Records from a collection:
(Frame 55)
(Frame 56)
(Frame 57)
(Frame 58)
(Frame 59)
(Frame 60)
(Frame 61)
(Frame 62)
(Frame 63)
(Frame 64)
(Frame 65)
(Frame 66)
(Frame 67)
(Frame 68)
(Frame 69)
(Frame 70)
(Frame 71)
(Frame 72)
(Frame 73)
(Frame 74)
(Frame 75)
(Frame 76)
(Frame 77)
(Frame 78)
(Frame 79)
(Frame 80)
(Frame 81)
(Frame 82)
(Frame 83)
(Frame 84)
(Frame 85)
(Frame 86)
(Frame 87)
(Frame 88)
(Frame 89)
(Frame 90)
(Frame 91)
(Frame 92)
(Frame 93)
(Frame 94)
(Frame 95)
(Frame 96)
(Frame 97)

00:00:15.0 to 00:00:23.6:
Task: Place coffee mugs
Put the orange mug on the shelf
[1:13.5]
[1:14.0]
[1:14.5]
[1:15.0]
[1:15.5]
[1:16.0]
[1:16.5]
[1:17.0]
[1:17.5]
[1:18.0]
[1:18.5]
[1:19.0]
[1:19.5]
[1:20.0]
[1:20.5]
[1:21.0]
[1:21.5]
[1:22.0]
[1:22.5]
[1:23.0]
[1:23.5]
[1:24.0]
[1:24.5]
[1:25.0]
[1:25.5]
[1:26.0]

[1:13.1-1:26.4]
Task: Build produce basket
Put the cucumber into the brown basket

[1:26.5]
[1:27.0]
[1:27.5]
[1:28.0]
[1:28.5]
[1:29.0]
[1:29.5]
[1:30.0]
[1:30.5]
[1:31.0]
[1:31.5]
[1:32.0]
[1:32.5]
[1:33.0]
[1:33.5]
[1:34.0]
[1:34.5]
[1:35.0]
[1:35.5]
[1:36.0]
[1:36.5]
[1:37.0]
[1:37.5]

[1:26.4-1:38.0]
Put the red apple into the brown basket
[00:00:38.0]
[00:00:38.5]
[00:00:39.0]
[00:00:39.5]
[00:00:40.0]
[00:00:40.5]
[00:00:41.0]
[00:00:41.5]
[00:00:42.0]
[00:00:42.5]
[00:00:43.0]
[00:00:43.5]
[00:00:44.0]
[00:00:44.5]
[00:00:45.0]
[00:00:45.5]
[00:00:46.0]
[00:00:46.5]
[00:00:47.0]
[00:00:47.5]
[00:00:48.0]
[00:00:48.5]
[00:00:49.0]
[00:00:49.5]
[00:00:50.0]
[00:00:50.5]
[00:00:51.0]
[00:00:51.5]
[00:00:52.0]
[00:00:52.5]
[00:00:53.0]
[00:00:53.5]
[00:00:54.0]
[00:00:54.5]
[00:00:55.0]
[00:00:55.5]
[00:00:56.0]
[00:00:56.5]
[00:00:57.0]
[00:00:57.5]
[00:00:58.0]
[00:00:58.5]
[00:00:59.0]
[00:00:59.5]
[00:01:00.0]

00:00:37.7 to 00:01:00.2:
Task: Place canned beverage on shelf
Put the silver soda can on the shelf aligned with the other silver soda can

**Work request:** Write out every entry exactly as it appears.

**Solution for this problem:**
(Frame 55)
(Frame 56)
(Frame 57)
(Frame 58)
(Frame 59)
(Frame 60)
(Frame 61)
(Frame 62)
(Frame 63)
(Frame 64)
(Frame 65)
(Frame 66)
(Frame 67)
(Frame 68)
(Frame 69)
(Frame 70)
(Frame 71)
(Frame 72)
(Frame 73)
(Frame 74)
(Frame 75)
(Frame 76)
(Frame 77)
(Frame 78)
(Frame 79)
(Frame 80)
(Frame 81)
(Frame 82)
(Frame 83)
(Frame 84)
(Frame 85)
(Frame 86)
(Frame 87)
(Frame 88)
(Frame 89)
(Frame 90)
(Frame 91)
(Frame 92)
(Frame 93)
(Frame 94)
(Frame 95)
(Frame 96)
(Frame 97)

00:00:15.0 to 00:00:23.6:
Task: Place coffee mugs
Put the orange mug on the shelf
[1:13.5]
[1:14.0]
[1:14.5]
[1:15.0]
[1:15.5]
[1:16.0]
[1:16.5]
[1:17.0]
[1:17.5]
[1:18.0]
[1:18.5]
[1:19.0]
[1:19.5]
[1:20.0]
[1:20.5]
[1:21.0]
[1:21.5]
[1:22.0]
[1:22.5]
[1:23.0]
[1:23.5]
[1:24.0]
[1:24.5]
[1:25.0]
[1:25.5]
[1:26.0]

[1:13.1-1:26.4]
Task: Build produce basket
Put the cucumber into the brown basket

[1:26.5]
[1:27.0]
[1:27.5]
[1:28.0]
[1:28.5]
[1:29.0]
[1:29.5]
[1:30.0]
[1:30.5]
[1:31.0]
[1:31.5]
[1:32.0]
[1:32.5]
[1:33.0]
[1:33.5]
[1:34.0]
[1:34.5]
[1:35.0]
[1:35.5]
[1:36.0]
[1:36.5]
[1:37.0]
[1:37.5]

[1:26.4-1:38.0]
Put the red apple into the brown basket
[00:00:38.0]
[00:00:38.5]
[00:00:39.0]
[00:00:39.5]
[00:00:40.0]
[00:00:40.5]
[00:00:41.0]
[00:00:41.5]
[00:00:42.0]
[00:00:42.5]
[00:00:43.0]
[00:00:43.5]
[00:00:44.0]
[00:00:44.5]
[00:00:45.0]
[00:00:45.5]
[00:00:46.0]
[00:00:46.5]
[00:00:47.0]
[00:00:47.5]
[00:00:48.0]
[00:00:48.5]
[00:00:49.0]
[00:00:49.5]
[00:00:50.0]
[00:00:50.5]
[00:00:51.0]
[00:00:51.5]
[00:00:52.0]
[00:00:52.5]
[00:00:53.0]
[00:00:53.5]
[00:00:54.0]
[00:00:54.5]
[00:00:55.0]
[00:00:55.5]
[00:00:56.0]
[00:00:56.5]
[00:00:57.0]
[00:00:57.5]
[00:00:58.0]
[00:00:58.5]
[00:00:59.0]
[00:00:59.5]
[00:01:00.0]

00:00:37.7 to 00:01:00.2:
Task: Place canned beverage on shelf
Put the silver soda can on the shelf aligned with the other silver soda can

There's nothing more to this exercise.